You concede that all coins land heads with a probability of less than 50% because of the possibility of double-tail warping.

But now allow me to introduce the skeptical possibility that all coins can warp to be double-headed, since we can't be certain of the physical laws that w ...[text shortened]... probability assessment, or effectively by concluding that they cancel each other's likelihood.

The latter solution to the "paradox" strikes me as perfectly viable. So my view entails no contradiction.

Originally posted by Pawnokeyhole
The latter solution to the "paradox" strikes me as perfectly viable. So my view entails no contradiction.

How do you assess the likelihood of each speculative case? What basis do you have for believing that they are equilikely?

Originally posted by DoctorScribbles
How do you assess the likelihood of each speculative case? What basis do you have for believing that they are equilikely?
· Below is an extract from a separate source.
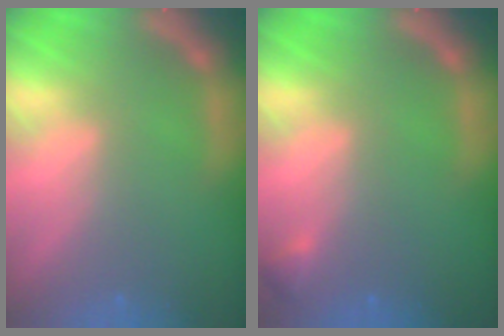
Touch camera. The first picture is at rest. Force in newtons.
{"total": 0.9}

On what basis do you believe that they are not? Isn't what's good for the goose good for the gander?

Also, I don't mean to be pedantic, but the probability that a typical coin lands heads, and the probability that that coin lands tails--even in the absence of weird stuff happening--doesn't actually sum to 1. Why?

Originally posted by Pawnokeyhole
On what basis do you believe that they are not? Isn't what's good for the goose good for the gander?

Also, I don't mean to be pedantic, but the probability that a typical coin lands heads, and the probability that that coin lands tails--even in the absence of weird stuff happening--doesn't actually sum to 1. Why?

Presumably it could land on its side. How is that relevant?

Originally posted by Pawnokeyhole
On what basis do you believe that they are not?

I don't believe that they are not equallly likely. I believe they are both 0% likely.

As all probabilities are assessed - on the basis of information. In this case, the information dictates that each is 0% likely. However, you are the one claiming that each is greater than 0% likely, based on speculation, a claim which has confusion at its root. Speculation does not constitute an informational basis for assessing probabilities. Further, you haven't stated why you think the two cases are equally likely.